## PROBLEM TO WORK ON
Among the records below, find the lines that hold the word "course" and report how many there are, with no other words.

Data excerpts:
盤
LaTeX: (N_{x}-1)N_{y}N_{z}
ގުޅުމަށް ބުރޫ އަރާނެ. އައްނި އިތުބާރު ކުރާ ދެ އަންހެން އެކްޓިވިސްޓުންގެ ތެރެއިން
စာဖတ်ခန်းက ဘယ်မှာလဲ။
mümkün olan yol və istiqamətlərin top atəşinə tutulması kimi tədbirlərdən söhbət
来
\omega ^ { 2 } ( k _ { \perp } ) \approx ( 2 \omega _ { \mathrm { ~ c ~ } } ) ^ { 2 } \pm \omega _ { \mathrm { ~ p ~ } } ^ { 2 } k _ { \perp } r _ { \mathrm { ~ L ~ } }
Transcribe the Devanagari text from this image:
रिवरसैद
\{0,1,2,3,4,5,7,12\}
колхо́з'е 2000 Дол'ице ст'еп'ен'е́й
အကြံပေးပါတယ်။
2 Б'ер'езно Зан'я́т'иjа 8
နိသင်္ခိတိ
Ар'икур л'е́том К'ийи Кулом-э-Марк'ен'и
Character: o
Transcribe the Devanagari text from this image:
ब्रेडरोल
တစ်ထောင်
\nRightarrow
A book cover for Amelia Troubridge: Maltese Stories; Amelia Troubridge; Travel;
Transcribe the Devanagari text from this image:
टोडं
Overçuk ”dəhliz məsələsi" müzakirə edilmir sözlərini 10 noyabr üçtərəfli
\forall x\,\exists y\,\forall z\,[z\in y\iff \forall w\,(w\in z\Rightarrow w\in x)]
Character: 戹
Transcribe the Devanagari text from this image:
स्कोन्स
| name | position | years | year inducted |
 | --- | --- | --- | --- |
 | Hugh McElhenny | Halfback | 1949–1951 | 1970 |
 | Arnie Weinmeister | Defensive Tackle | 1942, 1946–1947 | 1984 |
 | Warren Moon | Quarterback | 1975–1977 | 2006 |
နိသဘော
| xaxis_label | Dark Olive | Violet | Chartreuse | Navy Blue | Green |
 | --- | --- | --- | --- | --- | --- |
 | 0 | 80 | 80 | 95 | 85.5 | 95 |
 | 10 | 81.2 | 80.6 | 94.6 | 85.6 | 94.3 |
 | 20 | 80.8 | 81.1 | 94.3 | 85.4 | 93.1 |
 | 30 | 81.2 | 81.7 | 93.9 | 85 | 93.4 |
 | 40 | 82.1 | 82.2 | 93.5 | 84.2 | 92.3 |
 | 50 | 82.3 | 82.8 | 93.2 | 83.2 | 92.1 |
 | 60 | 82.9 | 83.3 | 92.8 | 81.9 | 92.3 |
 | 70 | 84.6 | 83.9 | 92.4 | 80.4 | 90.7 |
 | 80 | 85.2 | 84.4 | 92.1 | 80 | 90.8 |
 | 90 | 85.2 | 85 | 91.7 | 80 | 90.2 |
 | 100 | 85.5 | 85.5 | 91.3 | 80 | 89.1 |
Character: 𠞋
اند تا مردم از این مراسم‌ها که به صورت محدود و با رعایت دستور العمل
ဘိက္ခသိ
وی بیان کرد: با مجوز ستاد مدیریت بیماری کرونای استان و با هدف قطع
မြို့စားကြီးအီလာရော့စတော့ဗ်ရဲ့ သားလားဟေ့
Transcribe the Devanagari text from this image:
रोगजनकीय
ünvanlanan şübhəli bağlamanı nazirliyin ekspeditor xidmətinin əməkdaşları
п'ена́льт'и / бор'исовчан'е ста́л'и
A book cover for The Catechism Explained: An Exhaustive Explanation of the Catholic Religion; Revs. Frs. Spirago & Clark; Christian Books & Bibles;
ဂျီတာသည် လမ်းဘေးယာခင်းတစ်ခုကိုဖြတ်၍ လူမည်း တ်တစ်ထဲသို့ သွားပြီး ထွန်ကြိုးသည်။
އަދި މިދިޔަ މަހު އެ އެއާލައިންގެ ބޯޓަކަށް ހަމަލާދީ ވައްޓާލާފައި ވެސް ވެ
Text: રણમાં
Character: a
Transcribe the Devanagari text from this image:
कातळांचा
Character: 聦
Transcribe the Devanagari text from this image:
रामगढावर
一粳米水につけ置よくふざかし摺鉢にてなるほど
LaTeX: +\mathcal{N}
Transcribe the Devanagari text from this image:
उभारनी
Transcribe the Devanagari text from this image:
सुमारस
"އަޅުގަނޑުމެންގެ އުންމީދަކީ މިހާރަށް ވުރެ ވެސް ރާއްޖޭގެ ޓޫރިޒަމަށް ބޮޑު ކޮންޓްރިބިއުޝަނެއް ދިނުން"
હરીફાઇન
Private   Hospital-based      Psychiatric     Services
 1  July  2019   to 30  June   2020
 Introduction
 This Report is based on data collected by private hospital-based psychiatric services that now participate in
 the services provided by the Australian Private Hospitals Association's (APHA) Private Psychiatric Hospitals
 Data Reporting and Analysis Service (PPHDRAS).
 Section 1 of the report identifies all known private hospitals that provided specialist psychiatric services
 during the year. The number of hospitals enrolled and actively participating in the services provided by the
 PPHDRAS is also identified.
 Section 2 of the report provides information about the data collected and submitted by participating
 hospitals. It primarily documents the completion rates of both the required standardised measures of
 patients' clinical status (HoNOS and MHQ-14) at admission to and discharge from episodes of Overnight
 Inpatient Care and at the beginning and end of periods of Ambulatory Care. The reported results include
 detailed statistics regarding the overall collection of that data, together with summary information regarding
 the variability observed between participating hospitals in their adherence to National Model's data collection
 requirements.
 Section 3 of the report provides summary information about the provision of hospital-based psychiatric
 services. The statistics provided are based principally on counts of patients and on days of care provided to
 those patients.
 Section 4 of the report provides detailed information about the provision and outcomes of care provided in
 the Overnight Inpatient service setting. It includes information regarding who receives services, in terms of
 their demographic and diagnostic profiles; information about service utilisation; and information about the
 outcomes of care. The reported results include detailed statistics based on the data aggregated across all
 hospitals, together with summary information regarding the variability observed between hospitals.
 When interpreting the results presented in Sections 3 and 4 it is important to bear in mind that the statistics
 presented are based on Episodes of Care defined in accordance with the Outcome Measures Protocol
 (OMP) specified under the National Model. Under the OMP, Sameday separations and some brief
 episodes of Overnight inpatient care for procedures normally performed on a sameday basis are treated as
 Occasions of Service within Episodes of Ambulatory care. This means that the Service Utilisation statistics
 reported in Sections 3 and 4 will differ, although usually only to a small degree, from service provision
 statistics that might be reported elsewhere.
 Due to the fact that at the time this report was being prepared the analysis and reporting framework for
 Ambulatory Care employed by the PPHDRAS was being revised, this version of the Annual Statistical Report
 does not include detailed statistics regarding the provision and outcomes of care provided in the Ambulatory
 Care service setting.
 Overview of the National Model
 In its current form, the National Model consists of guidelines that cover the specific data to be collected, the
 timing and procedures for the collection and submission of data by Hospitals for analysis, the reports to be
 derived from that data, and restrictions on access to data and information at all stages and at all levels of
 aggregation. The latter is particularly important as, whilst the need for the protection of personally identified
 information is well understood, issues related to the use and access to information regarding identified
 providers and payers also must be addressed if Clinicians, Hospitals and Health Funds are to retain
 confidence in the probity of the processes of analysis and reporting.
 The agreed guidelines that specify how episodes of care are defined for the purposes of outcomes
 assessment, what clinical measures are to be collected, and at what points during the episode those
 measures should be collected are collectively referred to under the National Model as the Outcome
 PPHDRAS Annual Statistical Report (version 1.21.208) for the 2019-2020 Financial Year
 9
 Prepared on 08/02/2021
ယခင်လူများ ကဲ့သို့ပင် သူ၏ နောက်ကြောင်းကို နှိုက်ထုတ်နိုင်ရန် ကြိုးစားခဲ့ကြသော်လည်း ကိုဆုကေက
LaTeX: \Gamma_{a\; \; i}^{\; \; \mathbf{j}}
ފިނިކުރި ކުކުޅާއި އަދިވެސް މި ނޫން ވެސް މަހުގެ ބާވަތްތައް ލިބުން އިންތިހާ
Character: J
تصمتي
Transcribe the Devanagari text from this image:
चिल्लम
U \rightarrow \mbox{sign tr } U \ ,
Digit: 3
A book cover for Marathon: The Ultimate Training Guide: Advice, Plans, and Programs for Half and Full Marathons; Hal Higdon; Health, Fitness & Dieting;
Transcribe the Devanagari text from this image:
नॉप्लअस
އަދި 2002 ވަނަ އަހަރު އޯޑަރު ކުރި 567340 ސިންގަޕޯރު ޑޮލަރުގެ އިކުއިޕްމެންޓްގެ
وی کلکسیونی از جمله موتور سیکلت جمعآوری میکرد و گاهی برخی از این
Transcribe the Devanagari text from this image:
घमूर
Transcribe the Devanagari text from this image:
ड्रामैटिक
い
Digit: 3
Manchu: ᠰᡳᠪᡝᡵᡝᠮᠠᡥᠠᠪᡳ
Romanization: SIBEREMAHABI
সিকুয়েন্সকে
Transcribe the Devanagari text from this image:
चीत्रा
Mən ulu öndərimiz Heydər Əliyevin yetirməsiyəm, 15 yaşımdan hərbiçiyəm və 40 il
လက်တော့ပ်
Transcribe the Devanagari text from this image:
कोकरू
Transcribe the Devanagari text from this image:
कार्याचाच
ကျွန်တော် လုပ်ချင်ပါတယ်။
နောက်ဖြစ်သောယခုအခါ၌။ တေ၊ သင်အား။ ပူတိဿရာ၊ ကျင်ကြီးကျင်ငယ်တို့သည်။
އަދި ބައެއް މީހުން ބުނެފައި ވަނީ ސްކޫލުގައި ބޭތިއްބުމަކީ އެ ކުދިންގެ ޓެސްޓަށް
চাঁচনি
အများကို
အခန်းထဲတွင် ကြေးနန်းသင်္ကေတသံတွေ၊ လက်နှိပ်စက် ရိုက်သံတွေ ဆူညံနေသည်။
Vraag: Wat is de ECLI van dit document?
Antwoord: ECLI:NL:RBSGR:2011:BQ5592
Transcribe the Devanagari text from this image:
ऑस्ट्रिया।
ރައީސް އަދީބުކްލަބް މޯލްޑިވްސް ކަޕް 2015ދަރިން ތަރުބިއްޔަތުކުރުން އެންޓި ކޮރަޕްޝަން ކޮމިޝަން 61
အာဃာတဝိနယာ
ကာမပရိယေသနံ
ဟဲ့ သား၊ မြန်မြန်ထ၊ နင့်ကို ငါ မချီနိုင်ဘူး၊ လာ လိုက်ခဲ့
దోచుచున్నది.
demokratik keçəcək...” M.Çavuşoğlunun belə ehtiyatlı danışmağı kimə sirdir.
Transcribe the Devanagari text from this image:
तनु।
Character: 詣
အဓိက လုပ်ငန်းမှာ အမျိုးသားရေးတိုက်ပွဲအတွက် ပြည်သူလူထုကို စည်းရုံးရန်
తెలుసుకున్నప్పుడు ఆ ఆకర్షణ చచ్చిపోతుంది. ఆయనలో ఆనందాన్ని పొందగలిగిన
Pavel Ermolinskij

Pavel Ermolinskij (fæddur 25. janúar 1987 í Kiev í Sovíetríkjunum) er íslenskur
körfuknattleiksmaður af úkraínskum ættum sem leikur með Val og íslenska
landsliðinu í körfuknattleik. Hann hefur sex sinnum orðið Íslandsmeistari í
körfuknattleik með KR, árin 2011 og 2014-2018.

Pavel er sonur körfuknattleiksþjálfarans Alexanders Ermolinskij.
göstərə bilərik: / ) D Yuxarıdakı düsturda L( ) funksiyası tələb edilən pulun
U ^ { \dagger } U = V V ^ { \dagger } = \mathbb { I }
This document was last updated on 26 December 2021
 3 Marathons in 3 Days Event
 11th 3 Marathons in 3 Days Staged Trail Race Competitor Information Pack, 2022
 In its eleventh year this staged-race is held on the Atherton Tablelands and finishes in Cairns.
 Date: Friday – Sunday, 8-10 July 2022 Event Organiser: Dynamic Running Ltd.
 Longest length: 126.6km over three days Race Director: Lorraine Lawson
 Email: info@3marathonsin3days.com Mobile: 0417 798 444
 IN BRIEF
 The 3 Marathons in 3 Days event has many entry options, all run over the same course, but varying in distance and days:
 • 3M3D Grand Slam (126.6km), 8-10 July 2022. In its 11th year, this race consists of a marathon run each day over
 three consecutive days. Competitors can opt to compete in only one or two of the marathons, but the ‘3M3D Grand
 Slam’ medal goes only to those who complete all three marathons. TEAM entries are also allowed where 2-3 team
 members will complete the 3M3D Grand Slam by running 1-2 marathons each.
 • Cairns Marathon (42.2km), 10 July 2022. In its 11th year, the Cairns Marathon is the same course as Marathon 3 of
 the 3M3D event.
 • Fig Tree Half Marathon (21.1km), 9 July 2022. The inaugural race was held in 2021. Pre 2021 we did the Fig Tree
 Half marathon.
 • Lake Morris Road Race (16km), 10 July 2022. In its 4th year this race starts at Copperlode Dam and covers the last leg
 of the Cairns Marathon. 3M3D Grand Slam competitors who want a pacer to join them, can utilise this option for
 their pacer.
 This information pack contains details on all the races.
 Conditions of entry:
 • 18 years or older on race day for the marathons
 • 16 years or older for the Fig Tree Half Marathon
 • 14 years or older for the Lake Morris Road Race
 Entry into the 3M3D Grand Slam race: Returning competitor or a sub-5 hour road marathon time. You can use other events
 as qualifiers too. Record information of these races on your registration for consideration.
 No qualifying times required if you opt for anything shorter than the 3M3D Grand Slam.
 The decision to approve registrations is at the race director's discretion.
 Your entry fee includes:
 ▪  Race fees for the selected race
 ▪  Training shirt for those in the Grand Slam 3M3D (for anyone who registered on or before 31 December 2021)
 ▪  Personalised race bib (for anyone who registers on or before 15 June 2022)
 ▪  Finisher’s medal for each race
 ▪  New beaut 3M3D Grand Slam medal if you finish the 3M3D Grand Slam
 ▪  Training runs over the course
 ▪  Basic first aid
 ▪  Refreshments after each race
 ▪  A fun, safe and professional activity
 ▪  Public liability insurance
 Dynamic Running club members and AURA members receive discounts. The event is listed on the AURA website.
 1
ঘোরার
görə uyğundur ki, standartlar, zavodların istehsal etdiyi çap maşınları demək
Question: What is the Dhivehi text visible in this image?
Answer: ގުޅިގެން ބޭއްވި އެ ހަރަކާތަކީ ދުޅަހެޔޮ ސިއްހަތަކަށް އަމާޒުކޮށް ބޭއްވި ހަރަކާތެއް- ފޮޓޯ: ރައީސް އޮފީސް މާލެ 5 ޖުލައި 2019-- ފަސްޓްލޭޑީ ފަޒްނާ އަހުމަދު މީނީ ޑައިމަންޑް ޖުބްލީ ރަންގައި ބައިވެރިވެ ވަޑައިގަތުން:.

## ANSWER FOR THE TASK
3